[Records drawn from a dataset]
☆ ☆ ☆ ☆ ☆ ☆ ☆

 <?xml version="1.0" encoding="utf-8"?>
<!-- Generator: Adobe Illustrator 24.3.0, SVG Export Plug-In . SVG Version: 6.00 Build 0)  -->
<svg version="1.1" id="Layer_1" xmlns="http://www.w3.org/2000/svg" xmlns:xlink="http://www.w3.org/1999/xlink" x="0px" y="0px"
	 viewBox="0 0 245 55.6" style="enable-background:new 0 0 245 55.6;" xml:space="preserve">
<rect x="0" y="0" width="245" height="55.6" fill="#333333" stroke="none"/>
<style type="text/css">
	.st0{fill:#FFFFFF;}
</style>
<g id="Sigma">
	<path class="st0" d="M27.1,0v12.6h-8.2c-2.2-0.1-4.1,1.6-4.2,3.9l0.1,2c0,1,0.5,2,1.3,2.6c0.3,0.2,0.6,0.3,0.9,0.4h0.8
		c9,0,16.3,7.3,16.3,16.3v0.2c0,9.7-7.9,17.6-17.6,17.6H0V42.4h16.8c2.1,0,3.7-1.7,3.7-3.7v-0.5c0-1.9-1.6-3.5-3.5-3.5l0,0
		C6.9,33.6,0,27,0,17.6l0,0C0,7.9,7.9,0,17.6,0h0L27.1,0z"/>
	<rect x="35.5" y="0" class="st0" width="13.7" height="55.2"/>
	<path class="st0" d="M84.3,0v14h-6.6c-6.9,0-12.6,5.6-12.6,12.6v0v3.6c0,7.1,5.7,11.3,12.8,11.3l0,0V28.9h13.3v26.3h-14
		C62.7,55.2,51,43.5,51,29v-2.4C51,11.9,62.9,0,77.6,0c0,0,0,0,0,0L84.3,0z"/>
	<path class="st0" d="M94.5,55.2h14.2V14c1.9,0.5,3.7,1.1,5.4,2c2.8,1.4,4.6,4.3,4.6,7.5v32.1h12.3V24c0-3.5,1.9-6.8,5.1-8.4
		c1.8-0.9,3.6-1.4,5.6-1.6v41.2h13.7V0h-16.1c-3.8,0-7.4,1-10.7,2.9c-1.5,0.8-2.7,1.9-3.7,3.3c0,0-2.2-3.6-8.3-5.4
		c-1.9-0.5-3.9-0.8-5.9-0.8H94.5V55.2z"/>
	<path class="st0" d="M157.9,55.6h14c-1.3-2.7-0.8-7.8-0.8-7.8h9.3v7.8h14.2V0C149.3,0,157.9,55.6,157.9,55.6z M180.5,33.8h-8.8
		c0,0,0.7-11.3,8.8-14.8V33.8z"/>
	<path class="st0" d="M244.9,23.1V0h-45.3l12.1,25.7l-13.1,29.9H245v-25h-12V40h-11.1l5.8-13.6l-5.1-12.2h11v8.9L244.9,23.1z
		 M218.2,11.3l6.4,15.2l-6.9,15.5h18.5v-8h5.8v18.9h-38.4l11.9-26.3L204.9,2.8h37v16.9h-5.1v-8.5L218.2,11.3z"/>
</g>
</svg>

☆ ☆ ☆ ☆ ☆ ☆ ☆

* _Problem details_
In the records above, how many lines contain the string "path"? Only that number should be written.

* _Result_
5